ISSN: 0973-7510

E-ISSN: 2581-690X

Yin Hong-mei, Du Dong-xia, Xu Jun, Liu Biao, Wang Sheng-ping and He Yue-lin
Department of Environmental Protection, Hunan Province Microbiology Institute, Changsha, China.
J Pure Appl Microbiol. 2015;9(1):09-16
© The Author(s). 2015
Received: 06/08/2014 | Accepted: 30/10/2014 | Published: 31/03/2015

Deep litter system is widely applied to pig production. The beddings have complex microbial communities which play an important role in fermentation efficiency. To obtain the bacterial community in pig deep litter system, we utilized the traditional culture-dependent method and molecular biology technique. Using plate count method Microbacterium (35.33%) and Arthrobacter (20.30%) were remarkable in total culturable bacteria. By 16S rRNA gene library method, the sequences are mostly distributed in 3 phyla: Proteobacteria (38.40%), Firmicutes (28.18%), Bacteroidetes (16.57%) and affiliated to 10 genera: Clostridium (19.89%), Castellaniella (4.70%), Comamonas (2.76%), Rhodanobacter (2.21%), Acinetobacter (1.38%), Planctomyces (1.38%), Nitrosomonas (1.10%), Devosia (1.10%), Gemmatimonas (1.10%), and Steroidobacter (1.10%). In addition, an Illumina next generation sequencing named MiSeq was used to observe the V4/V5 hypervariable region of 16S rDNA sequence. Proteobacteria, Firmicutes, and Bacteroidetes accounted for 83.7% of all sequences.

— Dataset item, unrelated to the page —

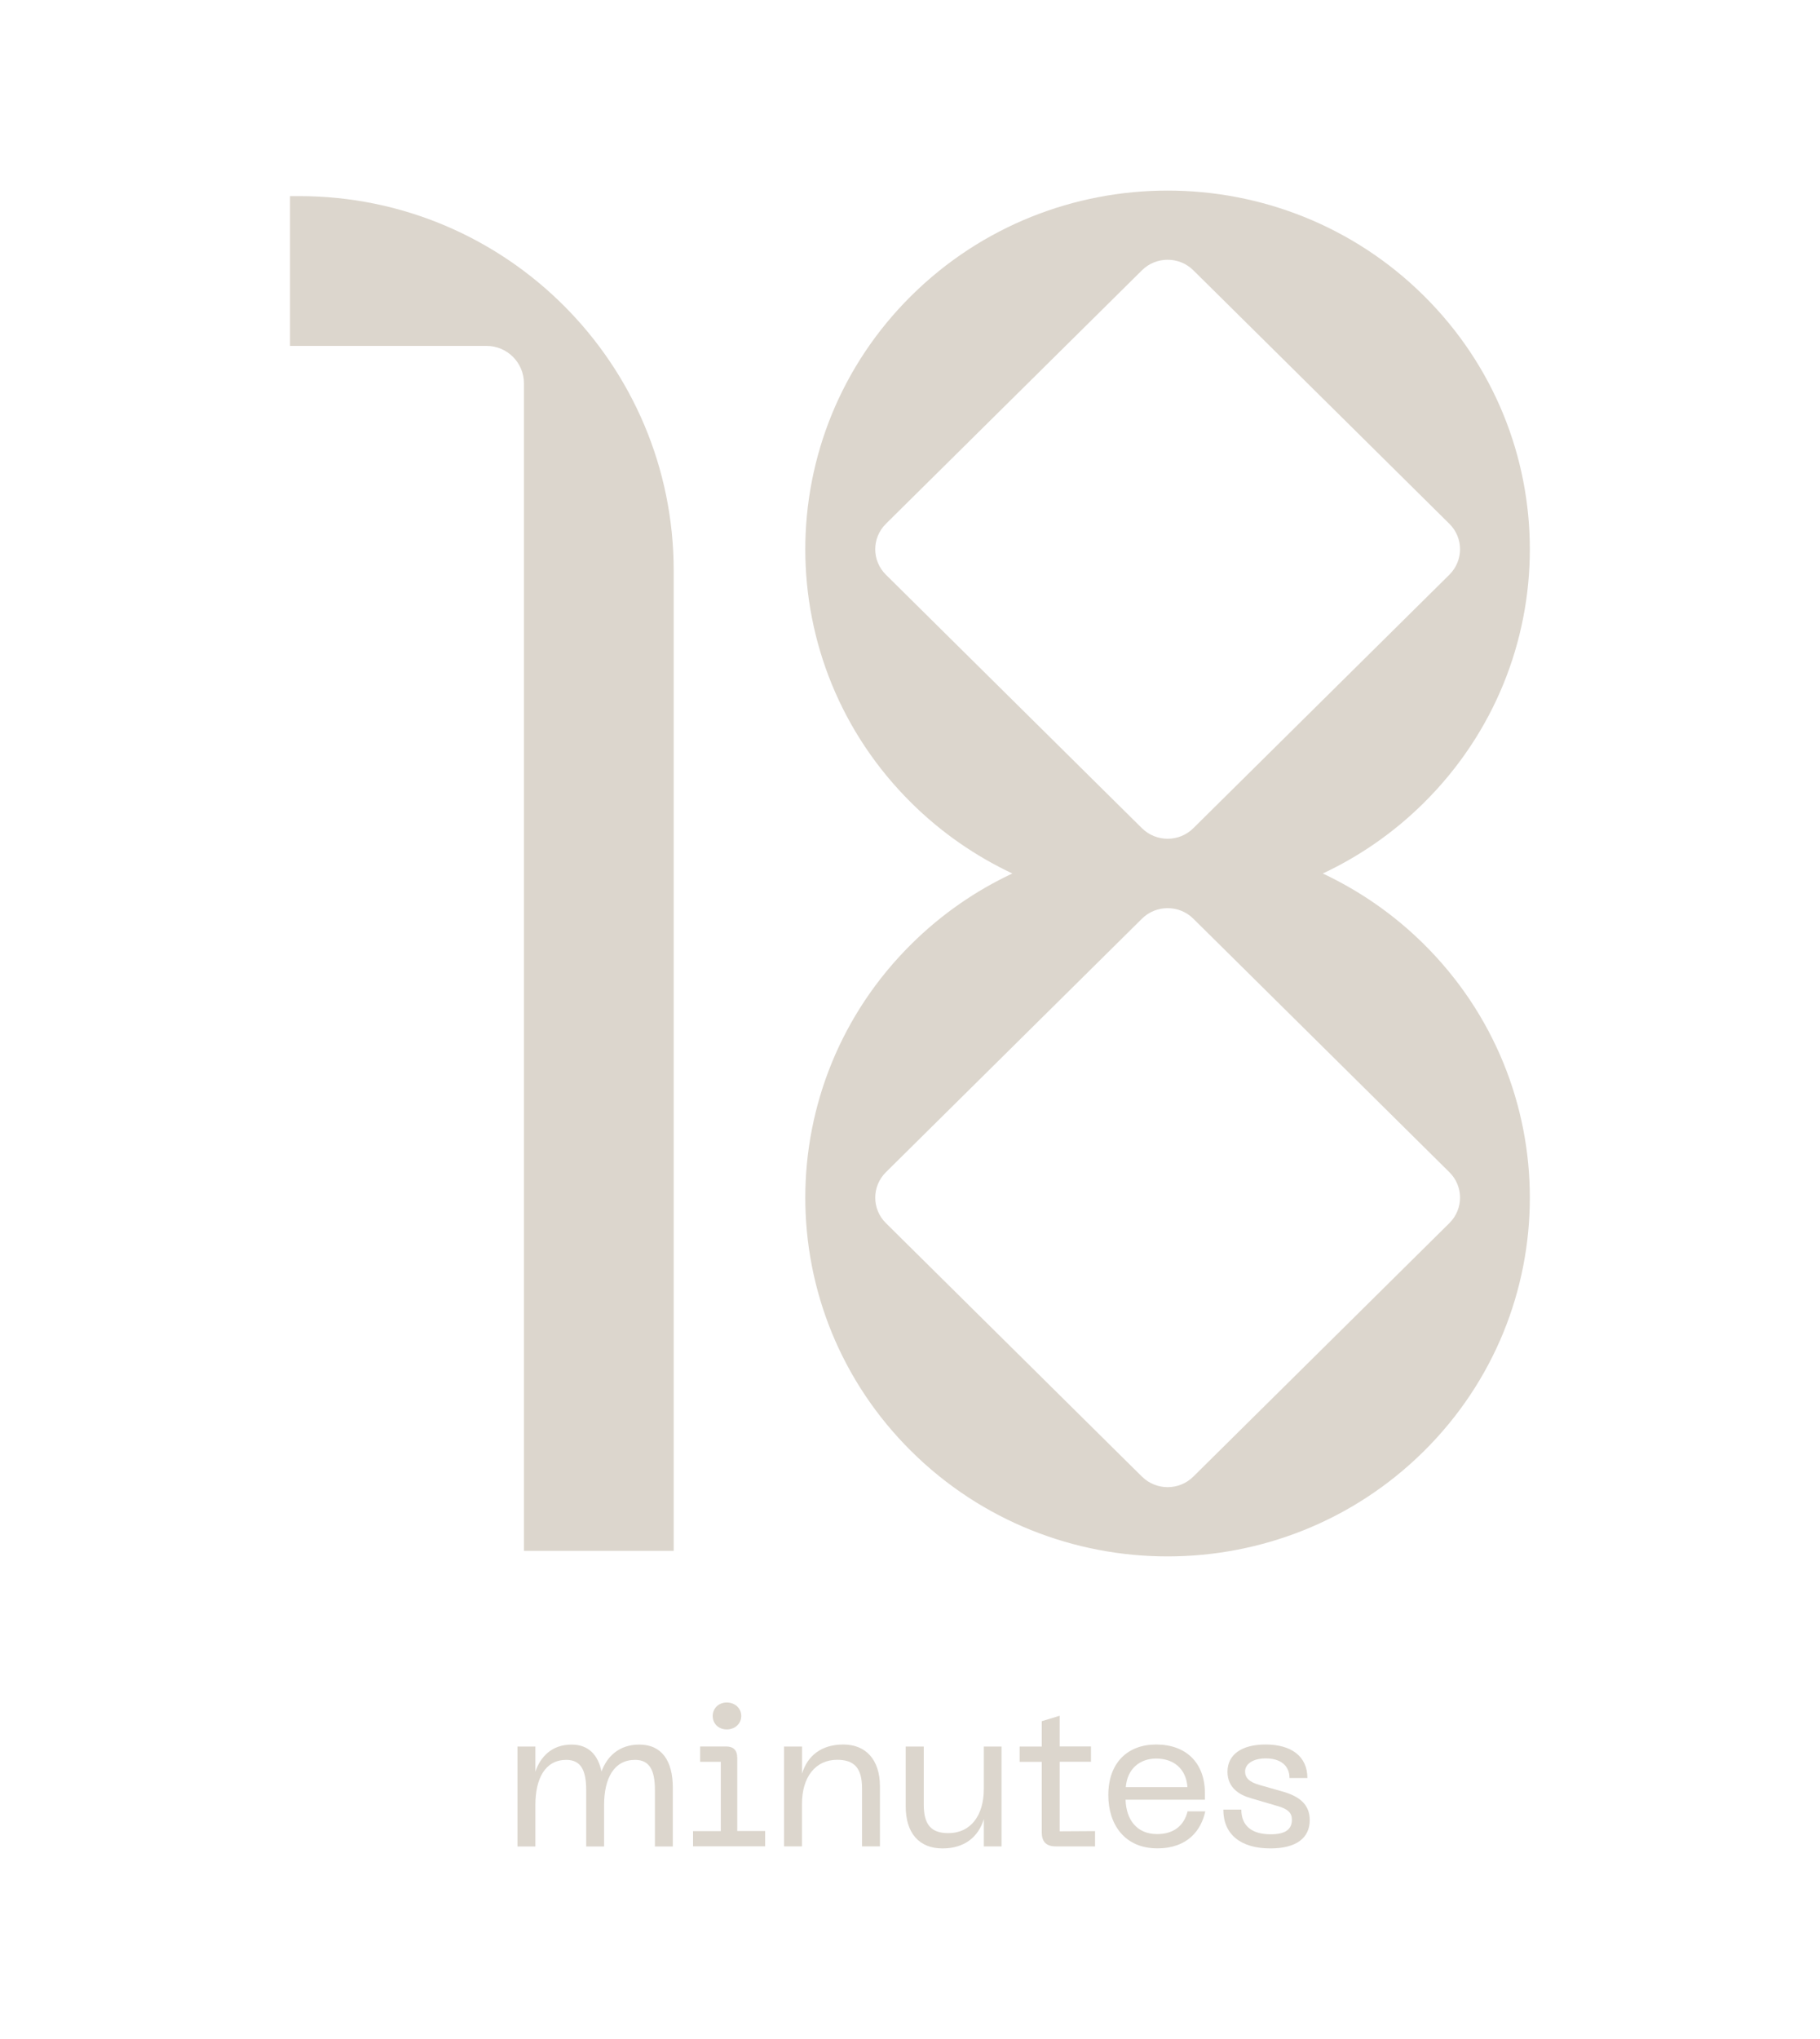 <?xml version="1.0" encoding="UTF-8"?><svg id="Layer_1" xmlns="http://www.w3.org/2000/svg" viewBox="0 0 250 280"><defs><style>.cls-1{fill:#dcd6cd;stroke-width:0px;}</style></defs><path class="cls-1" d="m41.12,26.93h-1.28v20.57h26.99c2.84,0,5.14,2.3,5.14,5.14v160.33h20.57V78.37c0-28.41-23.03-51.44-51.44-51.44Z"/><path class="cls-1" d="m181.7,119.95c5.02-2.35,9.72-5.58,13.87-9.69,19.43-19.24,19.43-50.43,0-69.66-19.43-19.24-50.94-19.24-70.38,0-19.43,19.24-19.43,50.43,0,69.66,4.15,4.11,8.86,7.33,13.87,9.69-5.02,2.35-9.72,5.58-13.87,9.69-19.43,19.24-19.43,50.43,0,69.66,19.43,19.24,50.94,19.24,70.38,0,19.43-19.24,19.43-50.43,0-69.66-4.15-4.11-8.86-7.33-13.87-9.69Zm-60.02-41.04c-1.94-1.92-1.94-5.04,0-6.97l35.19-34.83c1.94-1.92,5.1-1.92,7.04,0l3.52,3.48,24.63,24.38,7.04,6.97c1.94,1.92,1.94,5.04,0,6.97l-35.19,34.83c-1.94,1.92-5.09,1.92-7.04,0l-3.52-3.48-24.63-24.38-7.04-6.97Zm77.42,89.04l-35.19,34.83c-1.94,1.92-5.09,1.92-7.04,0l-3.52-3.48-24.63-24.38-7.04-6.97c-1.94-1.92-1.94-5.04,0-6.97l35.19-34.83c1.94-1.92,5.1-1.92,7.04,0l3.52,3.48,24.63,24.38,7.04,6.97c1.94,1.92,1.94,5.04,0,6.97Z"/><path class="cls-1" d="m71.08,239.84h2.46v3.45c.69-2.04,2.26-3.72,4.97-3.72,2.32,0,3.64,1.41,4.11,3.7.75-2.04,2.4-3.7,5.19-3.7,3.12,0,4.61,2.26,4.61,5.93v8.06h-2.46v-7.75c0-2.65-.69-4.14-2.73-4.14-2.9,0-4.25,2.54-4.25,6.21v5.68h-2.46v-7.75c0-2.65-.69-4.14-2.73-4.14-2.9,0-4.25,2.54-4.25,6.21v5.68h-2.46v-13.71Z"/><path class="cls-1" d="m95.2,251.45h3.81v-9.52h-2.84v-2.1h3.56c.99,0,1.54.47,1.54,1.6v10.01h3.83v2.1h-9.9v-2.1Zm4.63-17.66c1.1,0,1.99.77,1.99,1.85s-.88,1.85-1.99,1.85-1.93-.77-1.93-1.85.85-1.85,1.93-1.85Z"/><path class="cls-1" d="m107.71,239.84h2.46v3.72c.75-2.46,2.65-4,5.68-4s5.02,2.04,5.02,5.74v8.25h-2.46v-7.97c0-2.81-1.08-3.92-3.42-3.92-2.98,0-4.83,2.37-4.83,6.07v5.82h-2.46v-13.71Z"/><path class="cls-1" d="m124.41,248.06v-8.22h2.48v7.97c0,2.81,1.05,3.92,3.39,3.92,3.01,0,4.86-2.37,4.86-6.07v-5.82h2.43v13.71h-2.43v-3.75c-.75,2.48-2.68,4.03-5.68,4.03-3.17,0-5.05-2.07-5.05-5.77Z"/><path class="cls-1" d="m150.41,253.55h-5.38c-1.3,0-1.93-.61-1.93-1.93v-9.68h-3.04v-2.1h3.04v-3.48l2.46-.75v4.22h4.3v2.1h-4.3v9.55l4.86-.03v2.1Z"/><path class="cls-1" d="m158.81,239.56c4.06,0,6.7,2.46,6.7,6.7v.88h-10.9c.08,2.68,1.49,4.72,4.33,4.72,2.34,0,3.72-1.21,4.19-3.12h2.43c-.55,2.54-2.37,5.08-6.59,5.08-4.47,0-6.73-3.26-6.73-7.31,0-4.44,2.65-6.95,6.57-6.95Zm4.3,5.85c-.17-2.48-1.85-3.92-4.3-3.92-2.26,0-3.97,1.43-4.17,3.92h8.47Z"/><path class="cls-1" d="m168.05,248.5h2.46c0,2.26,1.49,3.39,4.03,3.39,1.93,0,2.92-.61,2.92-2.01,0-.94-.58-1.49-2.01-1.88l-3.67-1.08c-1.54-.44-3.17-1.43-3.17-3.61,0-2.4,1.99-3.75,5.24-3.75,3.53,0,5.74,1.63,5.74,4.61h-2.46c0-1.66-1.16-2.7-3.26-2.7-1.77,0-2.84.77-2.84,1.79,0,.91.61,1.46,1.96,1.85l3.2.91c2.32.66,3.72,1.79,3.72,3.92,0,2.48-1.88,3.89-5.41,3.89-4.08,0-6.46-1.93-6.46-5.32Z"/></svg>

The 10 genera described above were also presented and new 4 genera were added. Clostridium was increased to 25.5% as the predominant bacteria. The results were consistent with that of 16S rRNA gene library analysis in general. It is the first report which provides information on bedding microbiota in pig deep litter system taking advantage of culture and culture-independent approaches.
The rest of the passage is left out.